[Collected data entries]
┌────────
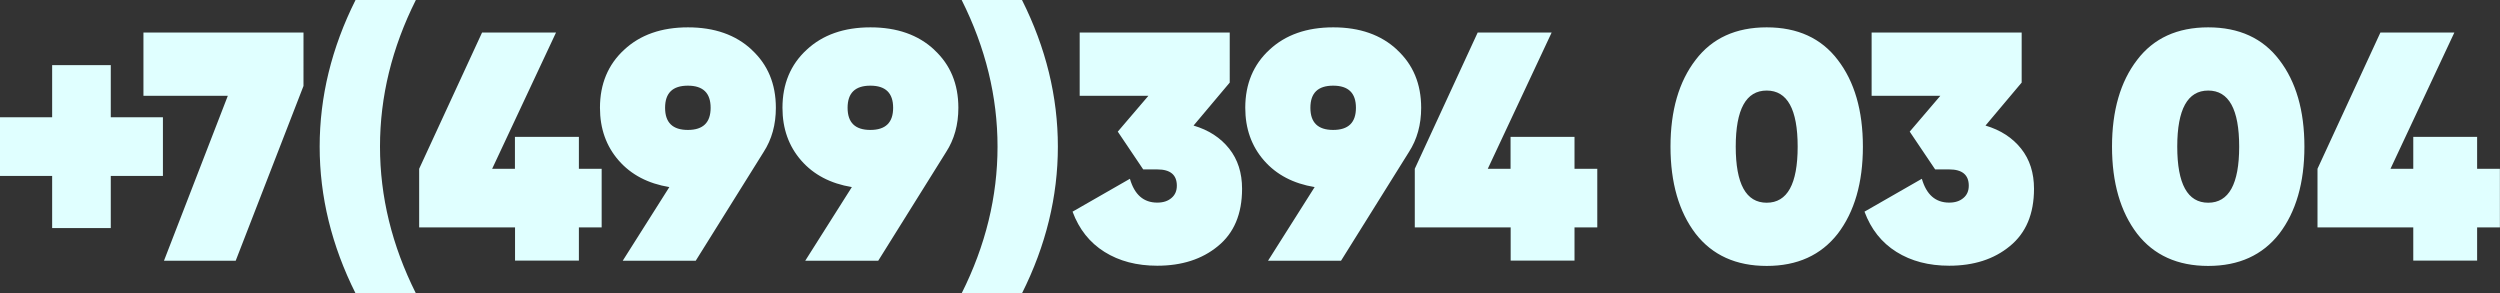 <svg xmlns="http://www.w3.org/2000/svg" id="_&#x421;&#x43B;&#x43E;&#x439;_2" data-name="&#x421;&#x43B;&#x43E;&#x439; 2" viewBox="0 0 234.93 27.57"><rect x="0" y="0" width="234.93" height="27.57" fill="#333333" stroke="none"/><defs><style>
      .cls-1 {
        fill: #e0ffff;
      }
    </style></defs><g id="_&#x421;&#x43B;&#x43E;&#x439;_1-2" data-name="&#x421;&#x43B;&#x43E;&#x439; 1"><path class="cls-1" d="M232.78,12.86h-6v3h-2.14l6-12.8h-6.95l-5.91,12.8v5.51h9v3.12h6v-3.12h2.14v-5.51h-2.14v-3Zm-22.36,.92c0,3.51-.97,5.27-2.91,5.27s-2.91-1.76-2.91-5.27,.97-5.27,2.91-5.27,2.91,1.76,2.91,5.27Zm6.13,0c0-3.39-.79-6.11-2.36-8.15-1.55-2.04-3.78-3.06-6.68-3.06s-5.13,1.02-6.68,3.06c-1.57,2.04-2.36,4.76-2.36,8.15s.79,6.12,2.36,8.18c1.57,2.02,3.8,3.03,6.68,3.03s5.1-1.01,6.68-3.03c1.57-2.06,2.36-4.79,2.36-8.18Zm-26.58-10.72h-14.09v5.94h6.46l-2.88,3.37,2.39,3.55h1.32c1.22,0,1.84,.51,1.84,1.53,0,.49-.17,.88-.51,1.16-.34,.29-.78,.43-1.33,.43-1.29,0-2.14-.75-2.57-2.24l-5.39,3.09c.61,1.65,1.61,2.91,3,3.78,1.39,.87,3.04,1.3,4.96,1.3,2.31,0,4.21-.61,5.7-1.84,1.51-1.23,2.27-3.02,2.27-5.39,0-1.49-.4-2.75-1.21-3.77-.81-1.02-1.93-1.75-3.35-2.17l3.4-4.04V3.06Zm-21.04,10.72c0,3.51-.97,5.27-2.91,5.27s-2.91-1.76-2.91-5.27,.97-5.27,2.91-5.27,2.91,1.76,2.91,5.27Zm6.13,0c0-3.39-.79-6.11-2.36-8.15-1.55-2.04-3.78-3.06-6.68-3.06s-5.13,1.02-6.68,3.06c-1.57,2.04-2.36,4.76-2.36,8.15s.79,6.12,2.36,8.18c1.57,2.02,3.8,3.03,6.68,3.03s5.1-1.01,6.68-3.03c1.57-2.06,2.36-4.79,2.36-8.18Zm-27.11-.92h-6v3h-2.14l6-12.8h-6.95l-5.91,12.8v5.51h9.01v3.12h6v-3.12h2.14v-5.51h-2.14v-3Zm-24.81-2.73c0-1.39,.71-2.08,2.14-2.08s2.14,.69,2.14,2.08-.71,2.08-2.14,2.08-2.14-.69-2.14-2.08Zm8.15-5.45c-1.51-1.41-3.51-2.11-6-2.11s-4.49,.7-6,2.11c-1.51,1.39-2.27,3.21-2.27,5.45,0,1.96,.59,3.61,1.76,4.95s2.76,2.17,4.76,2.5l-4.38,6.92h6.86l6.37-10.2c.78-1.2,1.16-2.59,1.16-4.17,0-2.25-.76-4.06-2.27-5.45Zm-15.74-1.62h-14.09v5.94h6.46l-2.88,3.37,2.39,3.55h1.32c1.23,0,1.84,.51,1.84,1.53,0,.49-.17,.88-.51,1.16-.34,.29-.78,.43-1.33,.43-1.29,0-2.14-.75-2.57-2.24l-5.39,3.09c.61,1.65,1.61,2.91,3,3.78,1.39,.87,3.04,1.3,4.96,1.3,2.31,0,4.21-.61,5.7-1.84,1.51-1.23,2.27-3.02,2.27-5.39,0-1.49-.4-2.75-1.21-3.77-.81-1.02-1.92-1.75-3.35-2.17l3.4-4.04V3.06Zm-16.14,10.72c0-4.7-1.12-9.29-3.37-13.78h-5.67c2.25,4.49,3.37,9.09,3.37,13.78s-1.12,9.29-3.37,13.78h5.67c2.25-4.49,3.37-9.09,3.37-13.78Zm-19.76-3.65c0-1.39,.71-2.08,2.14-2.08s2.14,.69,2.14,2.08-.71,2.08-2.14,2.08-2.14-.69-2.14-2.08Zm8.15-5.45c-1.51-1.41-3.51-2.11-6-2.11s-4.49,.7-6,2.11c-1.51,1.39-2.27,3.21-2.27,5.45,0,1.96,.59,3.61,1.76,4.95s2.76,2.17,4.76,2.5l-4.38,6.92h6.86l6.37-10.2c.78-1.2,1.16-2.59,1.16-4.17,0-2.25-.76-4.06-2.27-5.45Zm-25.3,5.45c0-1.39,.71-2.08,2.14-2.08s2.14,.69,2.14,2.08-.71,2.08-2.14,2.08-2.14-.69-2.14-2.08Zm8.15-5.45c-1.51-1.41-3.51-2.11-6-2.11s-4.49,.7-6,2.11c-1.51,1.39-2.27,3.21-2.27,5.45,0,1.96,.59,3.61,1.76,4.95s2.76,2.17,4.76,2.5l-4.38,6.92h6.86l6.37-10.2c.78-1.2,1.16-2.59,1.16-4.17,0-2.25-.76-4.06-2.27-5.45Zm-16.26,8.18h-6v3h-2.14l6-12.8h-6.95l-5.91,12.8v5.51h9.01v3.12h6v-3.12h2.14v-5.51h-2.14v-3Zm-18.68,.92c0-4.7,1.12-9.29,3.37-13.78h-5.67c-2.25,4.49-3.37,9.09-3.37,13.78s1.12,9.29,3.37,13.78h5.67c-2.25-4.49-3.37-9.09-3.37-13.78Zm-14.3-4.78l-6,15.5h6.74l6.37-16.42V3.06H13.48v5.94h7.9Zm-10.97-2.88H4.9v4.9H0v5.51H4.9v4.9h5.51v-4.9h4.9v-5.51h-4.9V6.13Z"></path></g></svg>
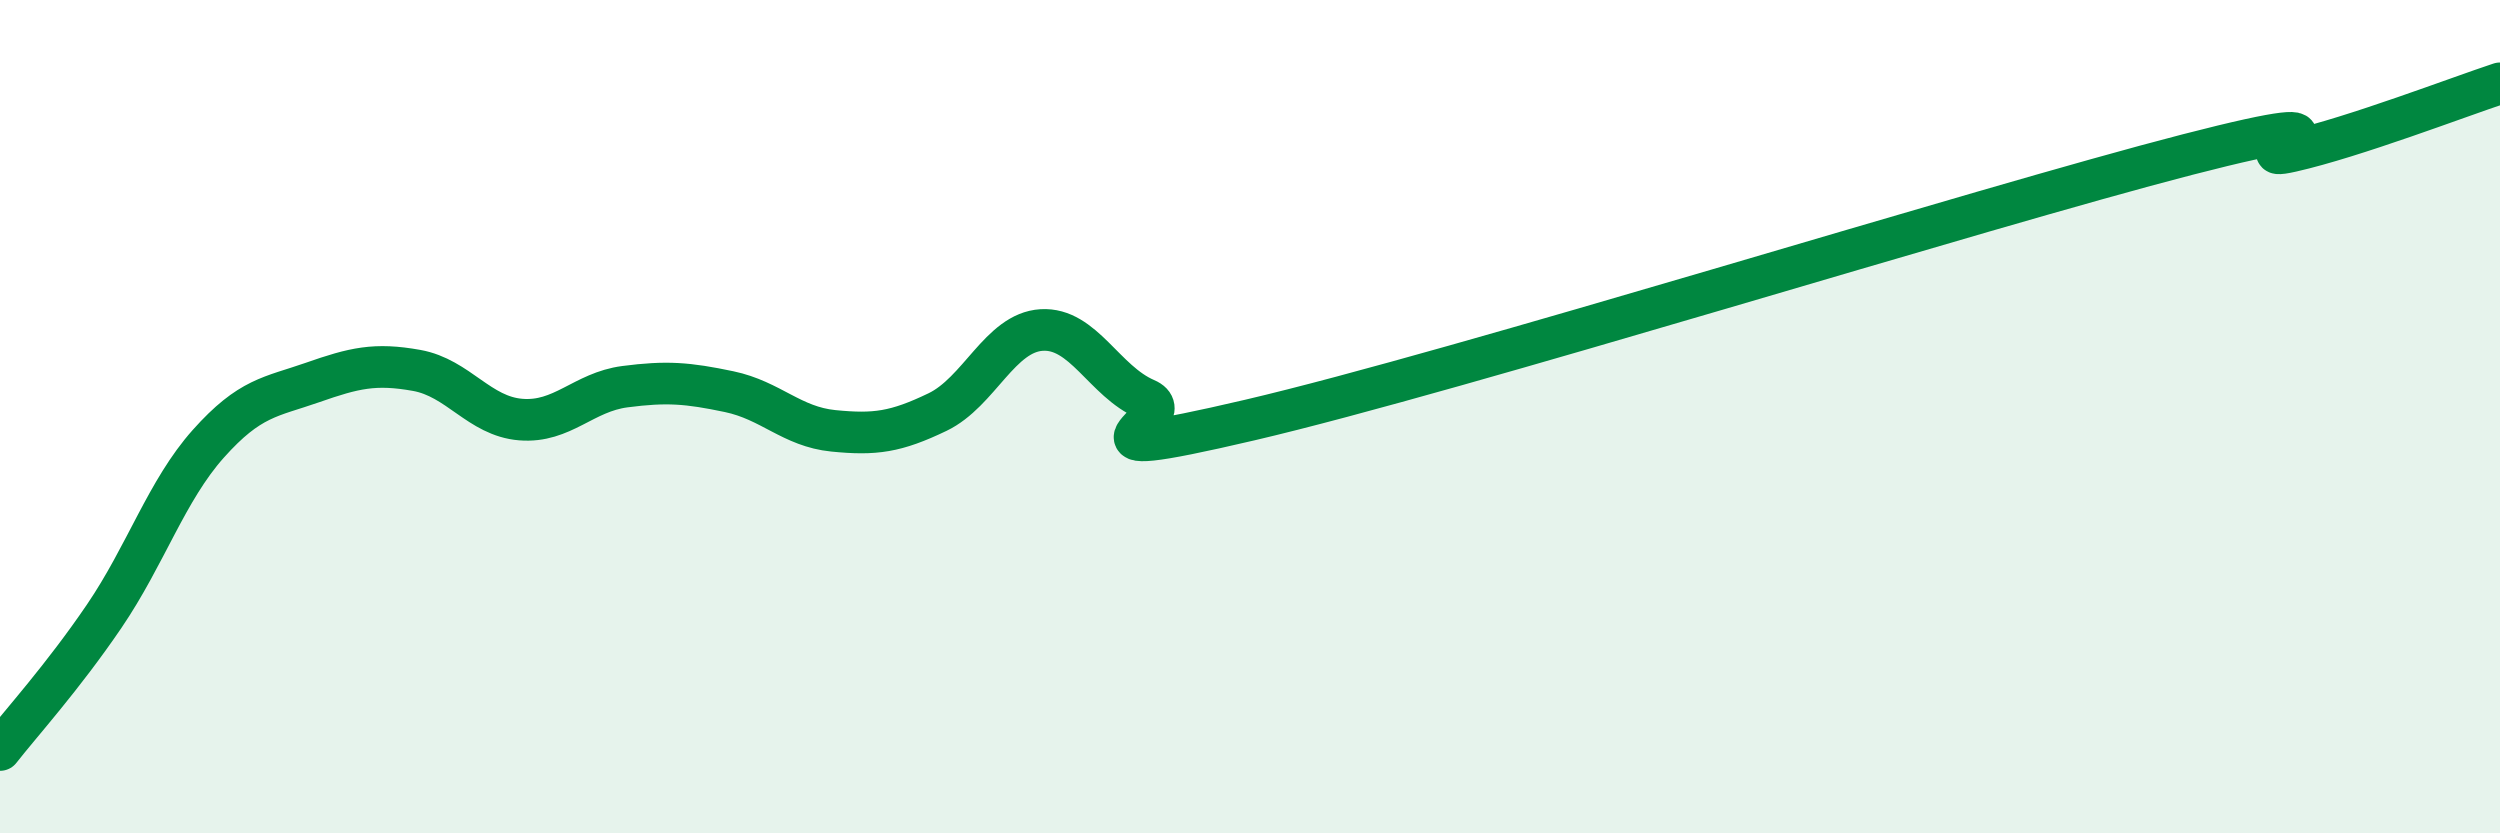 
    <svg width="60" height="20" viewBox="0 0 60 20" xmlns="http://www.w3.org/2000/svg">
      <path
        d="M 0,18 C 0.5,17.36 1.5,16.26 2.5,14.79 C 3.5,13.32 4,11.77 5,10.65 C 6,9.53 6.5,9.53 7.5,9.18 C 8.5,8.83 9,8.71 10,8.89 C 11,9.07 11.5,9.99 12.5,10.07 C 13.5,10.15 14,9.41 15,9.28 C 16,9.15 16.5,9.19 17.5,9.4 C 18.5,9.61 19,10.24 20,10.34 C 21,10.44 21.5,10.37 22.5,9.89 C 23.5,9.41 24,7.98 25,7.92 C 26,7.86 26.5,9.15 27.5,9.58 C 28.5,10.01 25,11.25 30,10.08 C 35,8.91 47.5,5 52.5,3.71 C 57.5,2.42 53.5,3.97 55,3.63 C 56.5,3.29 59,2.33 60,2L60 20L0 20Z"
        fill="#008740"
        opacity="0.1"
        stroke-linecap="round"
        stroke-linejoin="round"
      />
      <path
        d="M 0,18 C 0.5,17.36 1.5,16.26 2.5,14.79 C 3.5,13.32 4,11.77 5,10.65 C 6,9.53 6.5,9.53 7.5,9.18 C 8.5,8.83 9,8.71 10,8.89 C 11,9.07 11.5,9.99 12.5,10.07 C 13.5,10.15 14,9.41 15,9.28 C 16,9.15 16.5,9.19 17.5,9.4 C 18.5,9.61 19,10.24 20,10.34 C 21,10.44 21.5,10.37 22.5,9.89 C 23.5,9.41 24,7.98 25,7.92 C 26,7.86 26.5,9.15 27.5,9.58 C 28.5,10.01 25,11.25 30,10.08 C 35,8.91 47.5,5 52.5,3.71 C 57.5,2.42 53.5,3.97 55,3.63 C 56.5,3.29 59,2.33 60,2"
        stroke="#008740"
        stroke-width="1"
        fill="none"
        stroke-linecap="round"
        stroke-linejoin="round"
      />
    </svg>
└────────
**Problem description**.
Although the records contain pictures, only the text should be copied, exactly as it stands.

**Reply to the task**.
 <svg xmlns="http://www.w3.org/2000/svg" id="_&#x421;&#x43B;&#x43E;&#x439;_2" data-name="&#x421;&#x43B;&#x43E;&#x439; 2" viewBox="0 0 234.93 27.57"><rect x="0" y="0" width="234.93" height="27.57" fill="#333333" stroke="none"/><defs><style>
      .cls-1 {
        fill: #e0ffff;
      }
    </style></defs><g id="_&#x421;&#x43B;&#x43E;&#x439;_1-2" data-name="&#x421;&#x43B;&#x43E;&#x439; 1"><path class="cls-1" d="M232.78,12.86h-6v3h-2.14l6-12.8h-6.95l-5.91,12.8v5.51h9v3.12h6v-3.12h2.14v-5.51h-2.14v-3Zm-22.36,.92c0,3.51-.97,5.27-2.91,5.27s-2.91-1.76-2.91-5.27,.97-5.27,2.91-5.27,2.91,1.76,2.91,5.27Zm6.13,0c0-3.39-.79-6.11-2.36-8.15-1.55-2.04-3.78-3.06-6.68-3.06s-5.13,1.02-6.68,3.06c-1.57,2.04-2.36,4.76-2.36,8.15s.79,6.12,2.36,8.18c1.57,2.02,3.8,3.03,6.68,3.03s5.1-1.01,6.68-3.03c1.57-2.06,2.36-4.79,2.36-8.18Zm-26.58-10.72h-14.09v5.94h6.46l-2.88,3.37,2.39,3.55h1.32c1.22,0,1.84,.51,1.84,1.53,0,.49-.17,.88-.51,1.16-.34,.29-.78,.43-1.33,.43-1.29,0-2.14-.75-2.57-2.24l-5.39,3.09c.61,1.65,1.61,2.91,3,3.78,1.39,.87,3.04,1.3,4.96,1.3,2.31,0,4.21-.61,5.7-1.84,1.51-1.23,2.27-3.02,2.27-5.39,0-1.49-.4-2.75-1.21-3.77-.81-1.02-1.93-1.75-3.35-2.17l3.4-4.04V3.06Zm-21.04,10.72c0,3.51-.97,5.27-2.91,5.27s-2.91-1.76-2.91-5.27,.97-5.27,2.91-5.27,2.91,1.76,2.91,5.27Zm6.13,0c0-3.39-.79-6.11-2.36-8.15-1.55-2.04-3.78-3.06-6.68-3.06s-5.13,1.02-6.68,3.06c-1.57,2.04-2.36,4.76-2.36,8.15s.79,6.12,2.36,8.18c1.57,2.02,3.8,3.03,6.68,3.03s5.1-1.01,6.68-3.03c1.57-2.06,2.36-4.79,2.36-8.18Zm-27.11-.92h-6v3h-2.14l6-12.8h-6.95l-5.91,12.8v5.51h9.01v3.12h6v-3.12h2.14v-5.51h-2.14v-3Zm-24.81-2.73c0-1.39,.71-2.08,2.14-2.08s2.14,.69,2.14,2.08-.71,2.08-2.14,2.08-2.14-.69-2.14-2.08Zm8.15-5.45c-1.51-1.41-3.51-2.11-6-2.11s-4.49,.7-6,2.11c-1.51,1.39-2.27,3.21-2.27,5.45,0,1.96,.59,3.61,1.76,4.95s2.76,2.17,4.76,2.5l-4.38,6.92h6.86l6.37-10.2c.78-1.2,1.16-2.59,1.16-4.17,0-2.25-.76-4.06-2.27-5.45Zm-15.74-1.62h-14.09v5.94h6.46l-2.88,3.37,2.39,3.55h1.32c1.23,0,1.84,.51,1.84,1.53,0,.49-.17,.88-.51,1.16-.34,.29-.78,.43-1.33,.43-1.29,0-2.14-.75-2.57-2.24l-5.39,3.09c.61,1.65,1.61,2.91,3,3.78,1.39,.87,3.04,1.3,4.96,1.3,2.31,0,4.21-.61,5.7-1.84,1.51-1.23,2.27-3.02,2.27-5.39,0-1.49-.4-2.75-1.21-3.77-.81-1.02-1.92-1.75-3.35-2.17l3.4-4.04V3.06Zm-16.14,10.72c0-4.7-1.12-9.29-3.37-13.78h-5.67c2.25,4.49,3.37,9.09,3.37,13.78s-1.12,9.29-3.37,13.78h5.67c2.25-4.49,3.37-9.09,3.37-13.78Zm-19.76-3.65c0-1.39,.71-2.08,2.14-2.08s2.14,.69,2.14,2.08-.71,2.08-2.14,2.08-2.14-.69-2.14-2.08Zm8.15-5.45c-1.51-1.41-3.51-2.11-6-2.11s-4.49,.7-6,2.11c-1.51,1.39-2.27,3.21-2.27,5.45,0,1.96,.59,3.61,1.76,4.95s2.76,2.17,4.76,2.5l-4.38,6.92h6.86l6.37-10.2c.78-1.2,1.16-2.59,1.16-4.17,0-2.25-.76-4.06-2.27-5.45Zm-25.3,5.45c0-1.39,.71-2.08,2.14-2.08s2.14,.69,2.14,2.08-.71,2.08-2.14,2.08-2.14-.69-2.14-2.08Zm8.15-5.45c-1.51-1.41-3.51-2.11-6-2.11s-4.49,.7-6,2.11c-1.51,1.39-2.27,3.21-2.27,5.45,0,1.96,.59,3.61,1.76,4.95s2.76,2.17,4.76,2.5l-4.38,6.92h6.86l6.37-10.2c.78-1.2,1.16-2.59,1.16-4.17,0-2.25-.76-4.06-2.27-5.45Zm-16.26,8.18h-6v3h-2.14l6-12.8h-6.95l-5.91,12.8v5.51h9.01v3.12h6v-3.12h2.14v-5.51h-2.14v-3Zm-18.68,.92c0-4.7,1.12-9.29,3.37-13.78h-5.67c-2.25,4.49-3.37,9.09-3.37,13.78s1.12,9.29,3.37,13.78h5.67c-2.25-4.49-3.37-9.09-3.37-13.78Zm-14.3-4.78l-6,15.5h6.74l6.37-16.42V3.06H13.48v5.94h7.9Zm-10.97-2.88H4.9v4.9H0v5.51H4.9v4.9h5.51v-4.9h4.9v-5.51h-4.9V6.13Z"></path></g></svg>
    <svg width="60" height="20" viewBox="0 0 60 20" xmlns="http://www.w3.org/2000/svg">
      <path
        d="M 0,18 C 0.5,17.36 1.5,16.26 2.5,14.79 C 3.5,13.32 4,11.77 5,10.65 C 6,9.53 6.5,9.53 7.5,9.18 C 8.5,8.83 9,8.71 10,8.89 C 11,9.07 11.5,9.99 12.5,10.07 C 13.5,10.15 14,9.41 15,9.28 C 16,9.15 16.5,9.19 17.5,9.4 C 18.5,9.61 19,10.24 20,10.34 C 21,10.44 21.5,10.37 22.5,9.89 C 23.5,9.41 24,7.98 25,7.92 C 26,7.86 26.5,9.15 27.5,9.58 C 28.5,10.01 25,11.25 30,10.08 C 35,8.91 47.5,5 52.5,3.71 C 57.5,2.42 53.5,3.97 55,3.63 C 56.5,3.29 59,2.33 60,2L60 20L0 20Z"
        fill="#008740"
        opacity="0.1"
        stroke-linecap="round"
        stroke-linejoin="round"
      />
      <path
        d="M 0,18 C 0.5,17.36 1.5,16.26 2.5,14.79 C 3.5,13.32 4,11.77 5,10.65 C 6,9.53 6.5,9.53 7.5,9.18 C 8.5,8.83 9,8.71 10,8.89 C 11,9.07 11.5,9.99 12.5,10.07 C 13.5,10.15 14,9.41 15,9.28 C 16,9.15 16.5,9.19 17.5,9.4 C 18.5,9.61 19,10.24 20,10.34 C 21,10.44 21.5,10.37 22.5,9.89 C 23.5,9.41 24,7.98 25,7.92 C 26,7.86 26.5,9.15 27.5,9.58 C 28.5,10.01 25,11.25 30,10.08 C 35,8.91 47.5,5 52.5,3.71 C 57.5,2.42 53.5,3.97 55,3.63 C 56.5,3.29 59,2.33 60,2"
        stroke="#008740"
        stroke-width="1"
        fill="none"
        stroke-linecap="round"
        stroke-linejoin="round"
      />
    </svg>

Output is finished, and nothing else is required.